_WORK INSTRUCTIONS_. All of the data below must be reproduced word for word, but without its images.

_MATERIAL SUPPLIED_.
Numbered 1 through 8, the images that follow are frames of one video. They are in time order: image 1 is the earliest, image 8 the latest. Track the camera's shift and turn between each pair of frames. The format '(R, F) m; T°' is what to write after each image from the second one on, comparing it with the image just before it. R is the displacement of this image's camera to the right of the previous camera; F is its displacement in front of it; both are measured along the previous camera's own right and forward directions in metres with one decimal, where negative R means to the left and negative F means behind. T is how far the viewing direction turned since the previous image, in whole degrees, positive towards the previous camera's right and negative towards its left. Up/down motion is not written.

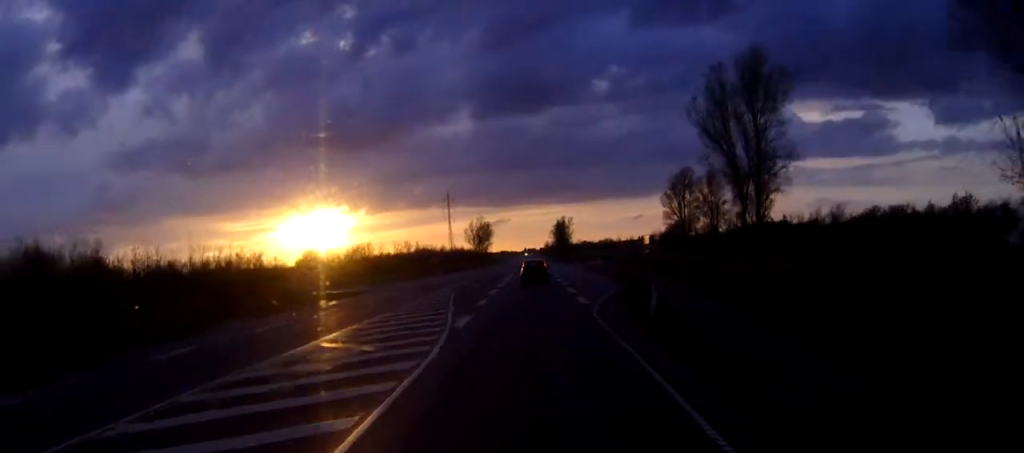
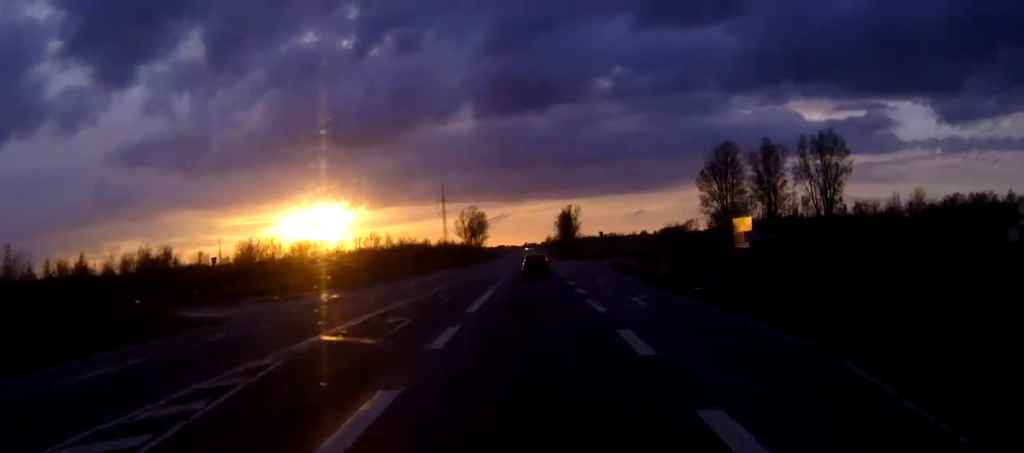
(0.0, +29.2) m; 0°
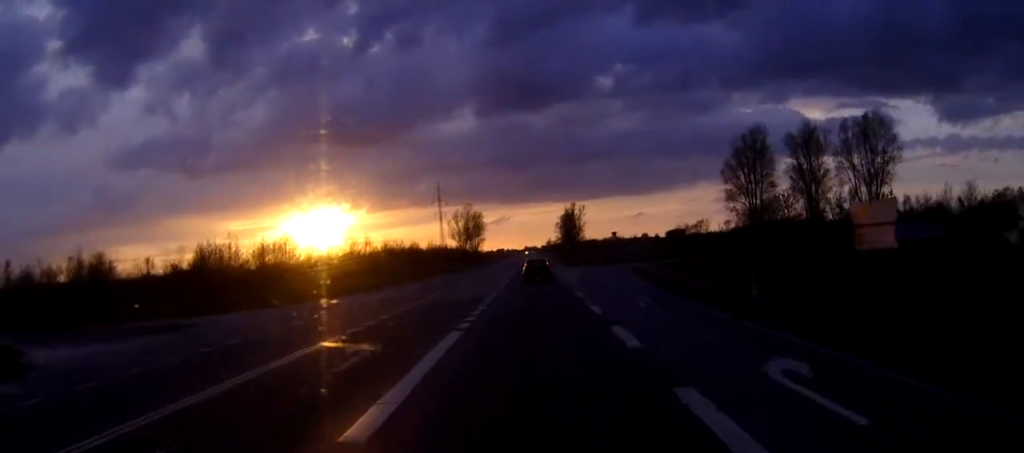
(0.0, +14.3) m; 0°
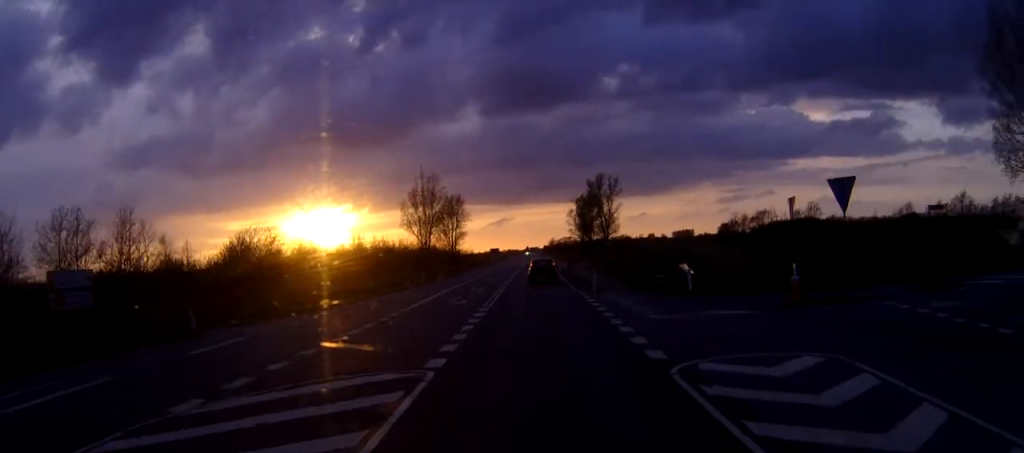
(-0.2, +59.1) m; 0°
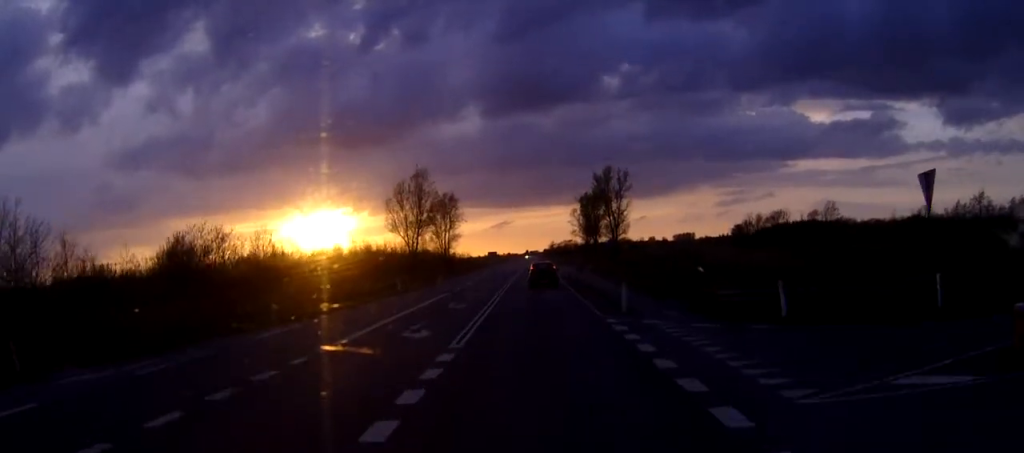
(0.0, +10.7) m; 0°
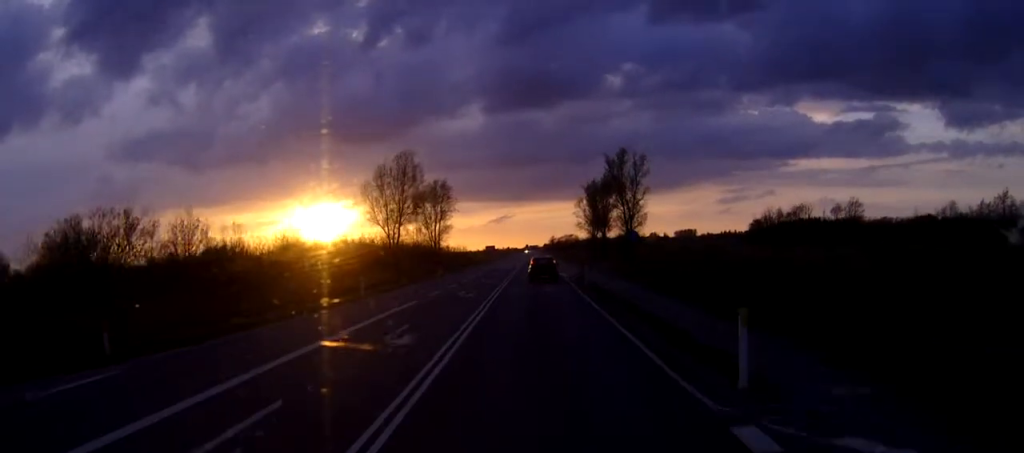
(0.0, +12.8) m; 0°
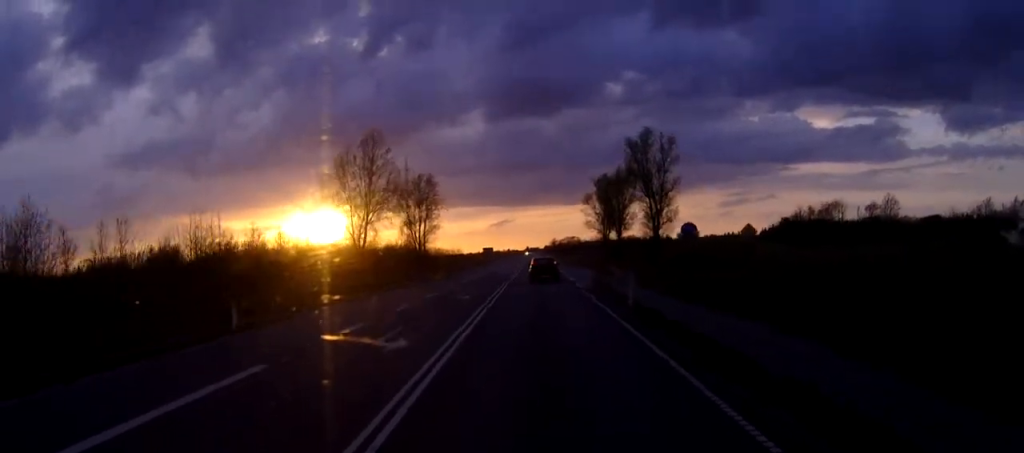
(0.0, +16.3) m; 0°
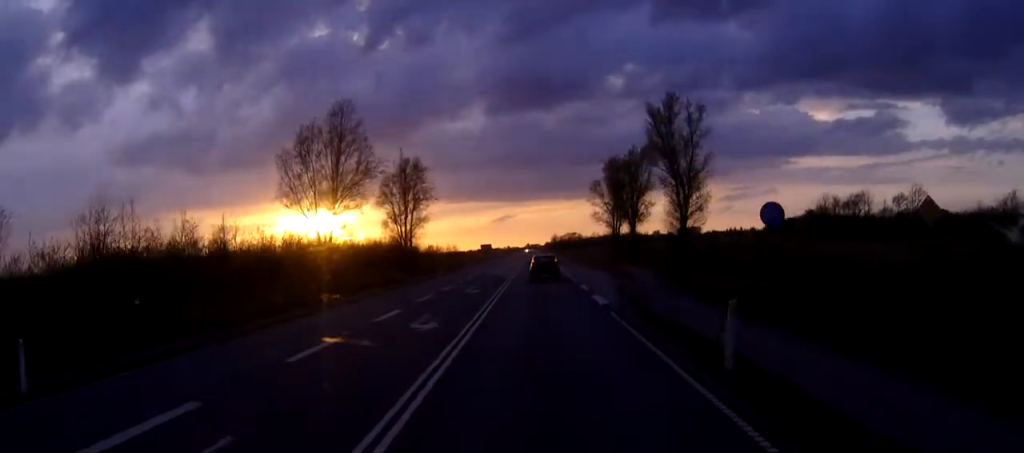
(0.0, +10.8) m; 0°

_RESPONSE AREA_.
Numbered 1 through 8, the images that follow are frames of one video. They are in time order: image 1 is the earliest, image 8 the latest. Track the camera's shift and turn between each pair of frames. The format '(R, F) m; T°' is what to write after each image from the second one on, comparing it with the image just before it. R is the displacement of this image's camera to the right of the previous camera; F is its displacement in front of it; both are measured along the previous camera's own right and forward directions in metres with one decimal, where negative R means to the left and negative F means behind. T is how far the viewing direction turned since the previous image, in whole degrees, positive towards the previous camera's right and negative towards its left. Up/down motion is not written.

(0.0, +29.2) m; 0°
(0.0, +14.3) m; 0°
(-0.2, +59.1) m; 0°
(0.0, +10.7) m; 0°
(0.0, +12.8) m; 0°
(0.0, +16.3) m; 0°
(0.0, +10.8) m; 0°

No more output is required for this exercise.